I find it interesting that the reason for YCombinator's existence belies the
fundamental problem with software patents: the ever-diminishing barriers to
entry.

I understand the problem that programmers have with software patents, but I
also still see a great deal of value in the patent system (though for full
disclosure, patents pay my bills).

Many people point the finger at the pharmaceutical industry as the big, bad
bully of the patent system. Personally, I use it as my token example that the
patent system is a positive by comparing the barriers to entry in developing
new drugs (finding a safe, effective formula and performing clinical trials)
to the relative ease of copying drugs (I'm not a chemist, but I'm pretty sure
this is easy).

In this case, the alternative to patent protection for drug companies would be
to rely entirely on the government to supply money for drug research and
manufacturing. However, this leaves us to the whims of politics to determine
what we need instead of letting a free market work. I suspect that there are
plenty of Viagra fans out there that won't complain about the high prices of
seemingly unnecessary drugs. I'm by no means saying that the situation with
drug companies is good or that they can stand on moral high ground, but I do
believe (unquantifiable opinion) that they have been a net plus on society
because of patent protection.

The last thing I've been thinking about is that there is a variable that we
can consider. Patents grant the patentee 20 years of the right to exclude
others from making and selling the claimed invention. The date is certainly
arbitrary, and was set at a time when the markets reacted more slowly to
innovation and the rate of the advancement of technology was slower.
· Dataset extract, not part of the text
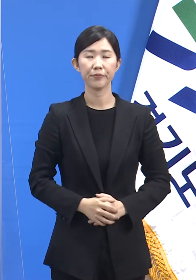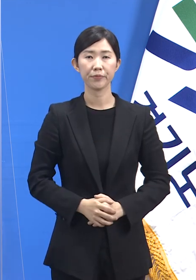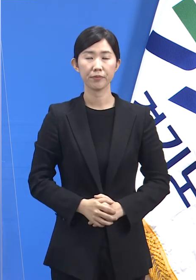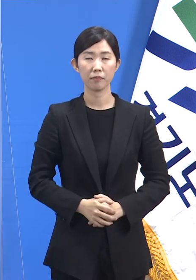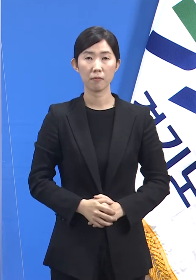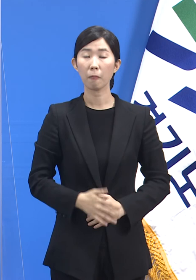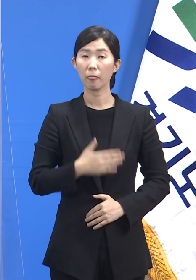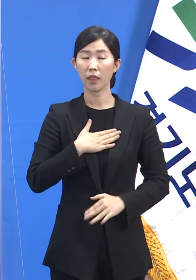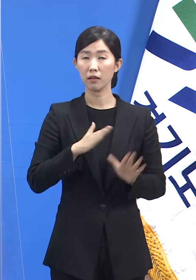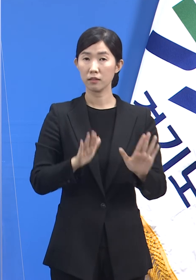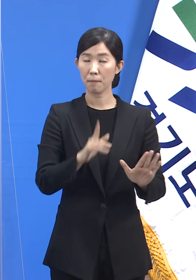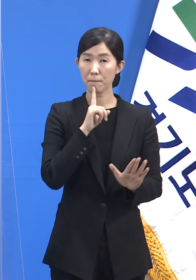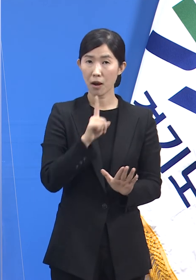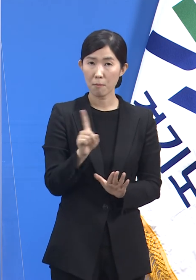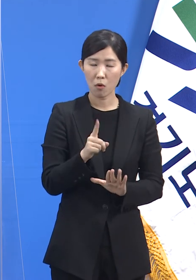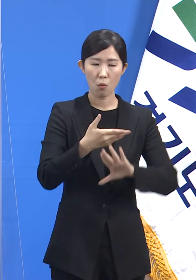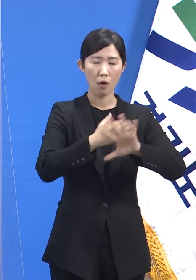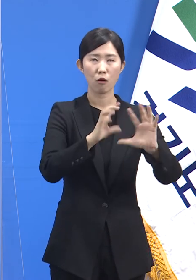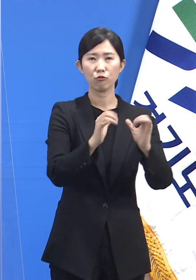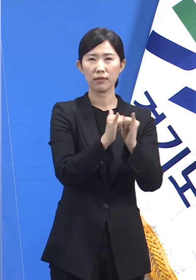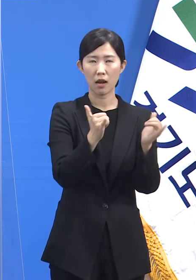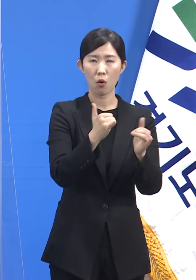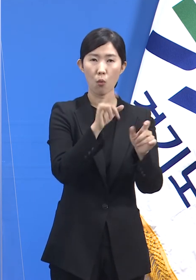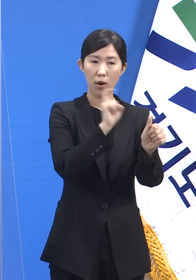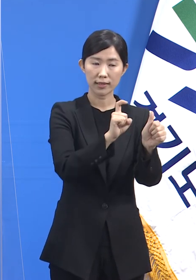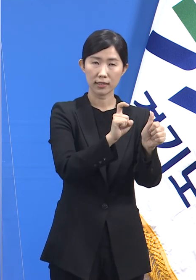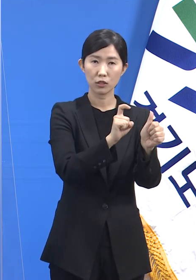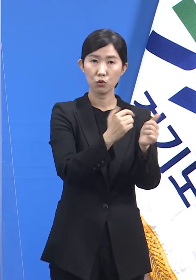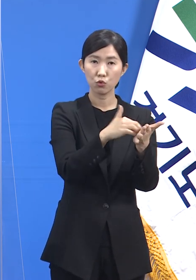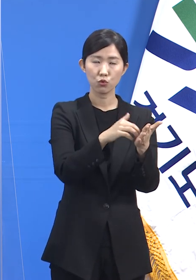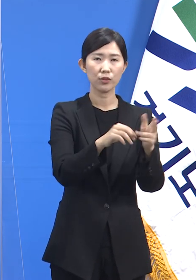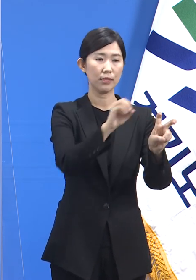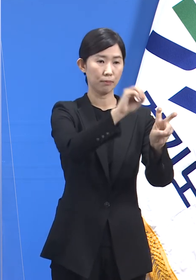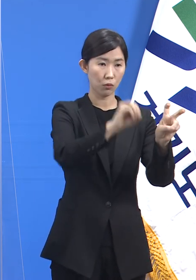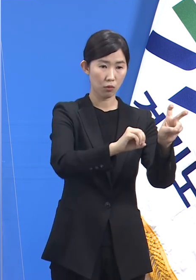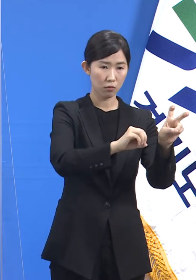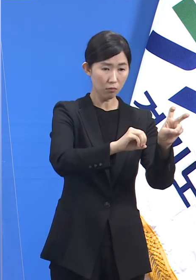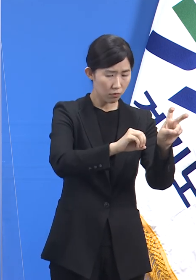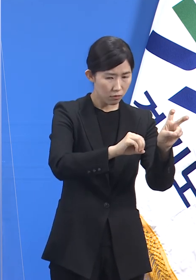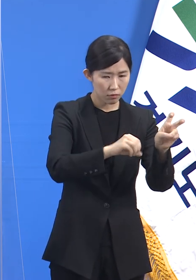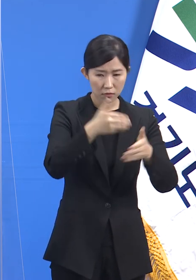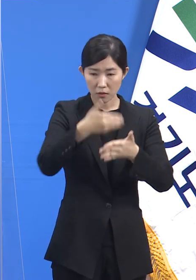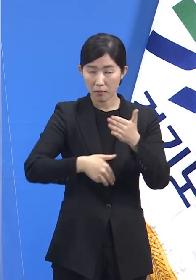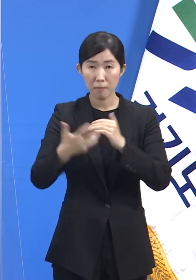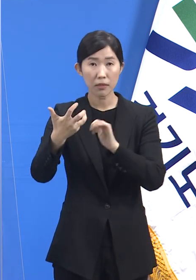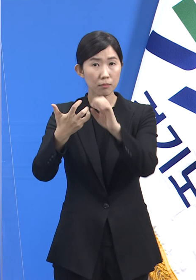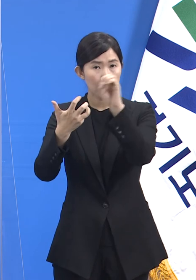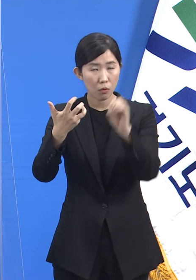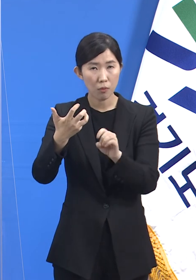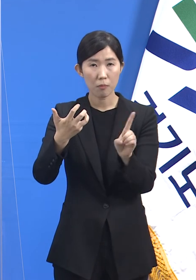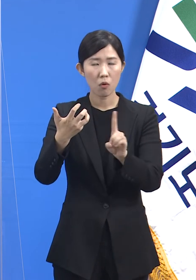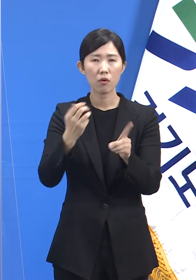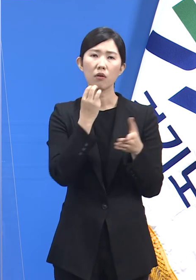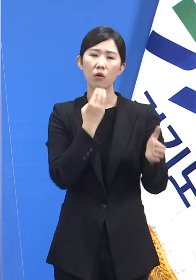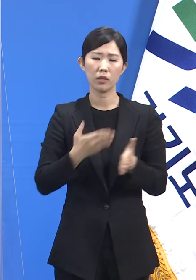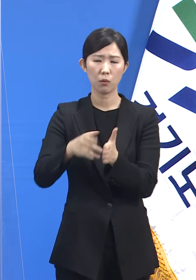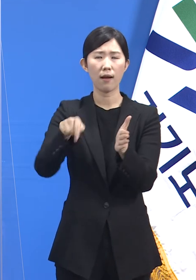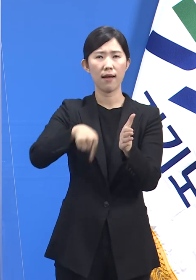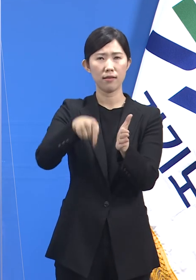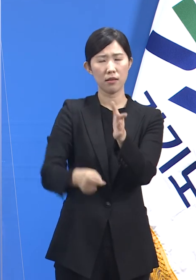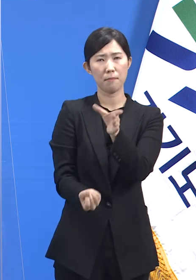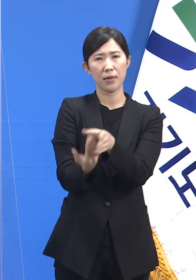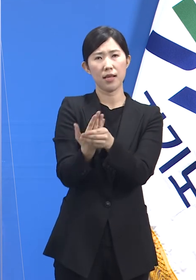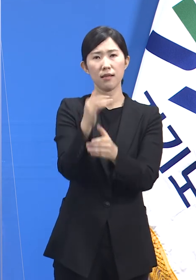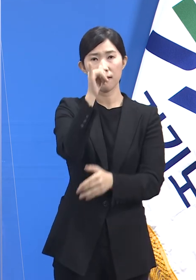2대 8의 비율을 재해석할 때 여전히 80%의 감염은 내국인에게 발생하고 있다는 사실이

Could it
been time to shorten the patent term in order to free up the market?

------
gojomo
An idea for testing "obviousness" that I find "obvious" but haven't seen
suggested elsewhere: require patents to include a "problem statement" that
motivated the invention and sets requirements for a solution.

If the patent's obviousness then gets called into question, find a small panel
(3-5) of 'average' software designers, unfamiliar with the patent (perhaps new
graduates?) and show them the problem statement. If they come up with an
equivalent or better solution in a meager amount of time, the 'invention'
didn't add a lot of innovation/value.